## Activity
Repeat the records exactly. Leave out the pictures.

## Working data
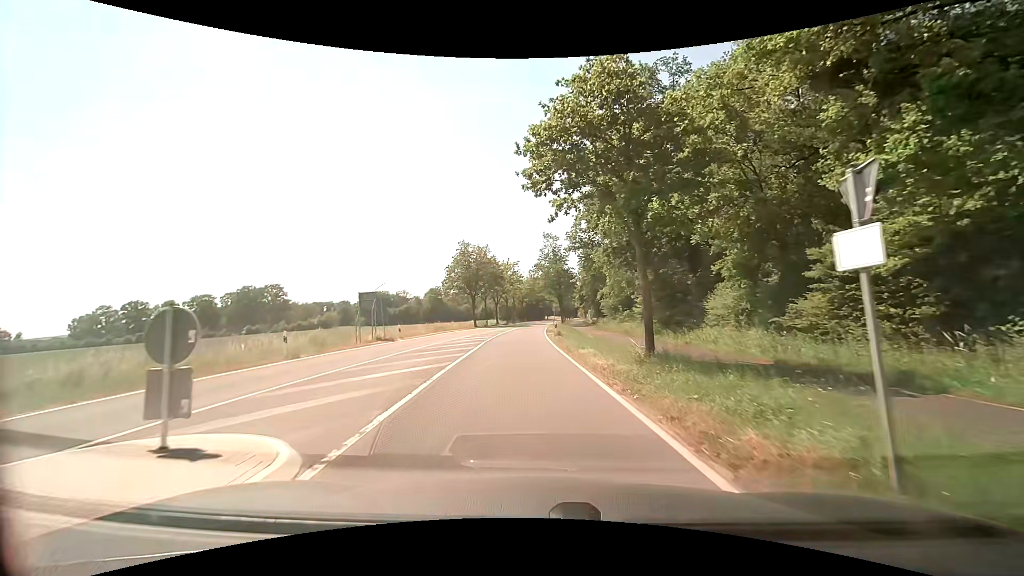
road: secondary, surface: asphalt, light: Day
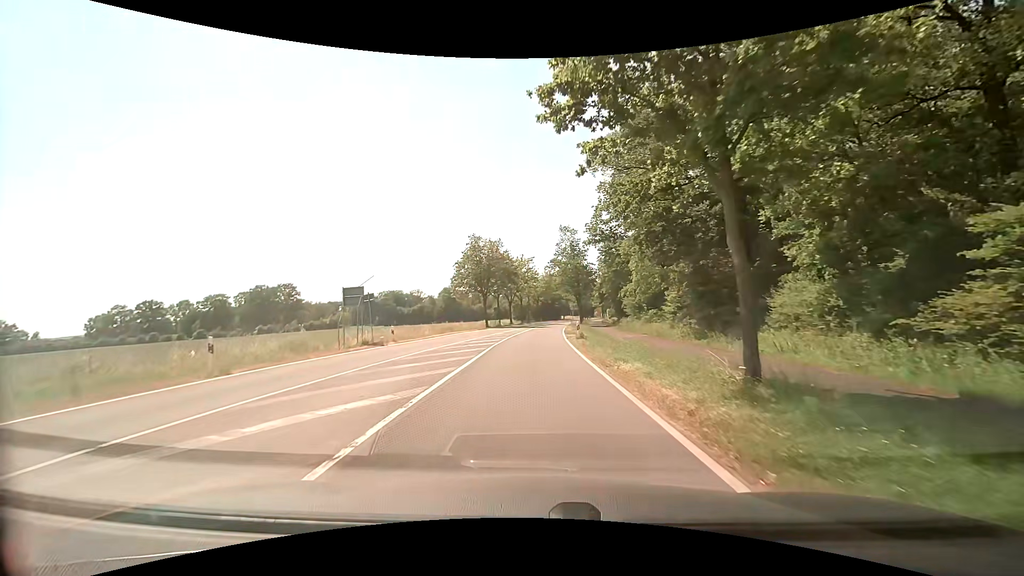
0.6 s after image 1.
(-0.1, +5.7) m; -2°
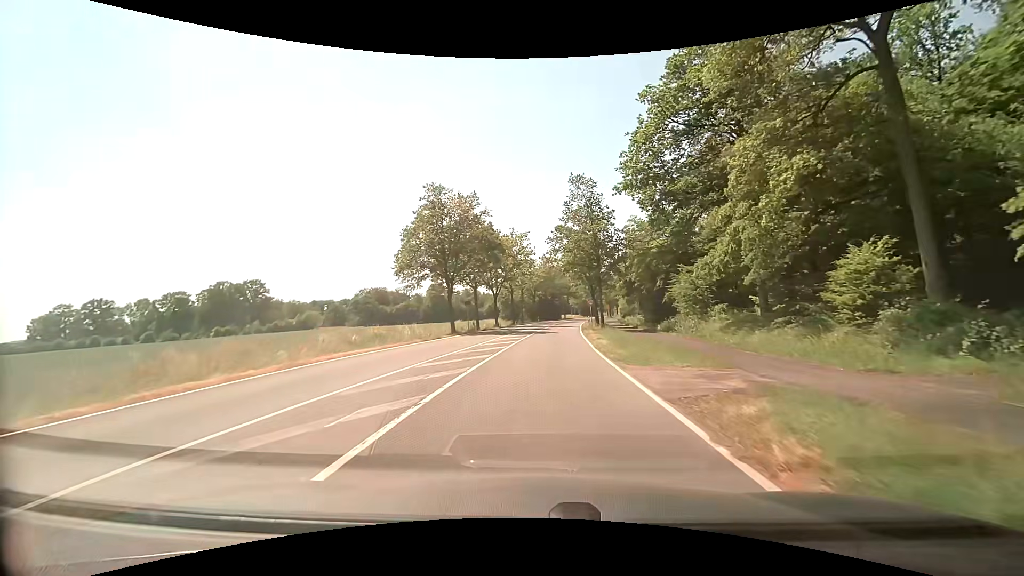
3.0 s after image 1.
(0.0, +26.7) m; +1°
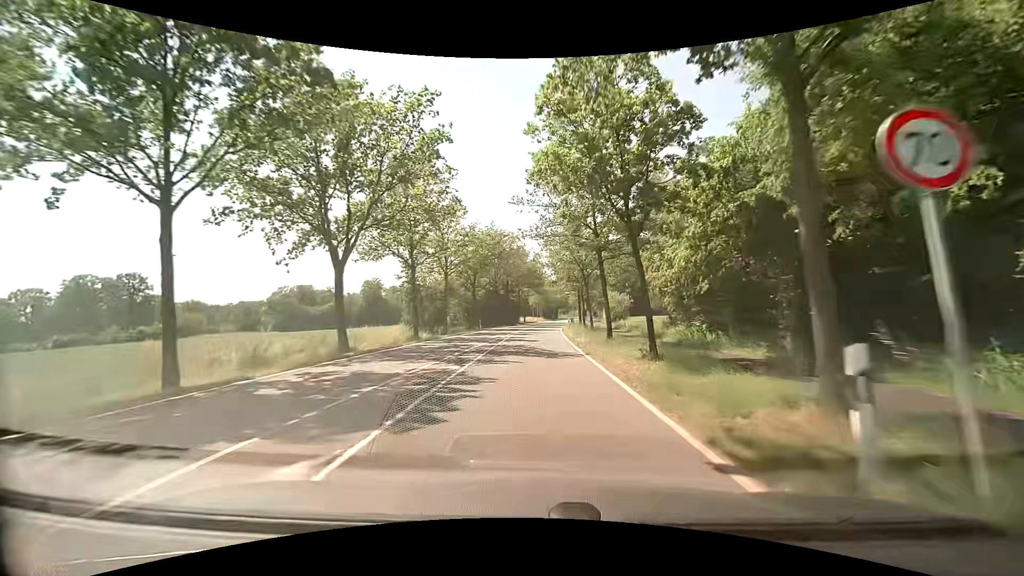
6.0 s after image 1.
(+1.8, +40.5) m; +5°
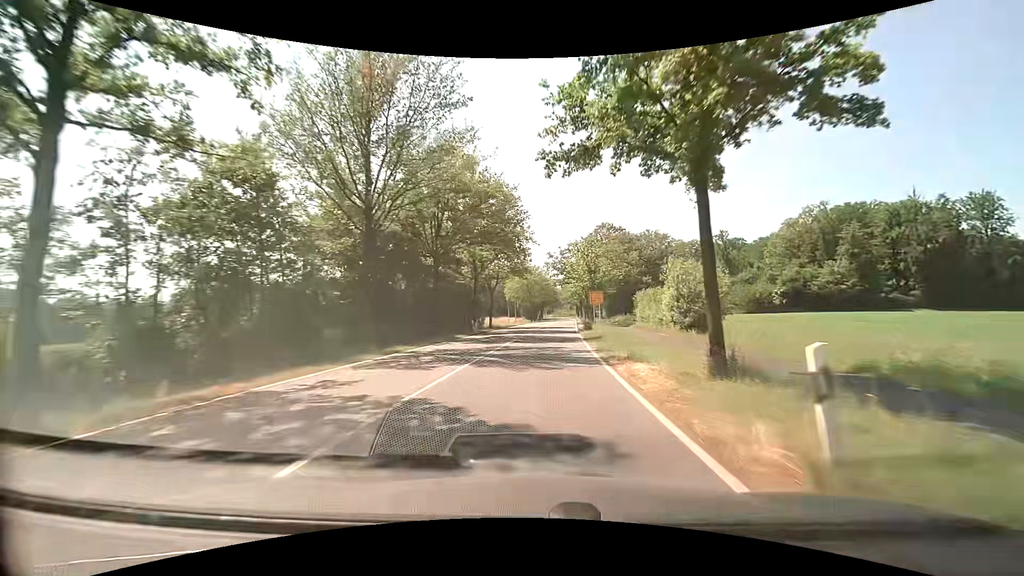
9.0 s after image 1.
(+0.8, +46.3) m; +2°
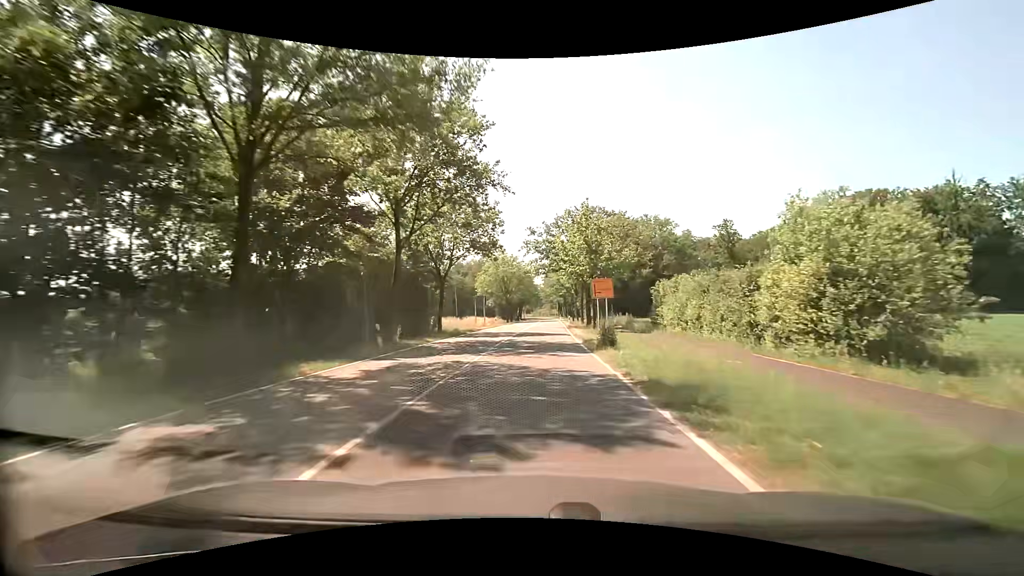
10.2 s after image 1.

## Solution for this exercise
road: secondary, surface: asphalt, light: Day
0.6 s after image 1.
(-0.1, +5.7) m; -2°
3.0 s after image 1.
(0.0, +26.7) m; +1°
6.0 s after image 1.
(+1.8, +40.5) m; +5°
9.0 s after image 1.
(+0.8, +46.3) m; +2°
10.2 s after image 1.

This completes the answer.